## Material for this exercise:

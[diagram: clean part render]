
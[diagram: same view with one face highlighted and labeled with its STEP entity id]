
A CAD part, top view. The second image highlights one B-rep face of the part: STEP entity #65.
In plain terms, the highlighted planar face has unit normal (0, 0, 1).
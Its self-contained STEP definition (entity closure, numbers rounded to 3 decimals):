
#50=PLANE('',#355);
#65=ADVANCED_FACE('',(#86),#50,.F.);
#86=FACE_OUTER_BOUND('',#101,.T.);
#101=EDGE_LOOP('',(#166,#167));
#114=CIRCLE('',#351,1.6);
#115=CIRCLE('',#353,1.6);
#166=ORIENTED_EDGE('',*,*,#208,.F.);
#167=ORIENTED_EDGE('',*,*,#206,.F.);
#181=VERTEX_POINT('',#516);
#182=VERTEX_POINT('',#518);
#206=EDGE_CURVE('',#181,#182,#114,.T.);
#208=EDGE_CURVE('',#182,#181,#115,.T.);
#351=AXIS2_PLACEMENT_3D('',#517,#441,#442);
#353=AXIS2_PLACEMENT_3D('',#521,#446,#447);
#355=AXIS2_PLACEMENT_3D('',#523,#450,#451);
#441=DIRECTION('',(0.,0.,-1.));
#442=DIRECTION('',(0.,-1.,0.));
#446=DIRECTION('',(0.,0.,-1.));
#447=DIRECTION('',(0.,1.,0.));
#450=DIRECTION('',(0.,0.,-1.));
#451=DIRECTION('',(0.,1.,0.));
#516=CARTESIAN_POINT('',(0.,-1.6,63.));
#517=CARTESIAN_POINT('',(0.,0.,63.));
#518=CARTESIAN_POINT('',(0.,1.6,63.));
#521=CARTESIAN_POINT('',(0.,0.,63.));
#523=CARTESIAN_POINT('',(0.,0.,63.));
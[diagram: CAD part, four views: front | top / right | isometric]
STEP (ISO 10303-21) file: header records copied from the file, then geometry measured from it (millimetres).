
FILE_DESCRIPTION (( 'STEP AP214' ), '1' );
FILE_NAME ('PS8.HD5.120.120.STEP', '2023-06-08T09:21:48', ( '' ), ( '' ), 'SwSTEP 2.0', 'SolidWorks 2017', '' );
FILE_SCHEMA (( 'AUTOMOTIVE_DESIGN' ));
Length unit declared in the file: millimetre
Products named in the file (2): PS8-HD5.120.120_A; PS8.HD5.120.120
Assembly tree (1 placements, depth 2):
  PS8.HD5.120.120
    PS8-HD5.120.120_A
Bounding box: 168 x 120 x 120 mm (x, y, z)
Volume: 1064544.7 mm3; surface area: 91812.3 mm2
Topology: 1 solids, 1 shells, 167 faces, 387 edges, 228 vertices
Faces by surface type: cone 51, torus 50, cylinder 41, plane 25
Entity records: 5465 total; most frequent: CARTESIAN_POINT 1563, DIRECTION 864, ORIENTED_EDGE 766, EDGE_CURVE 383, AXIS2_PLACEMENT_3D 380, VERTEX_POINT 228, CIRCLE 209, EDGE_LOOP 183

## Brief:
Up to and including the line with "#65=ADVANCED_FACE('',(#86),#50,.F.);", output every line of the records above exactly, starting from the first; output nothing else.

## The completed task:
[diagram: clean part render]
[diagram: same view with one face highlighted and labeled with its STEP entity id]
A CAD part, top view. The second image highlights one B-rep face of the part: STEP entity #65.
In plain terms, the highlighted planar face has unit normal (0, 0, 1).
Its self-contained STEP definition (entity closure, numbers rounded to 3 decimals):
#50=PLANE('',#355);
#65=ADVANCED_FACE('',(#86),#50,.F.);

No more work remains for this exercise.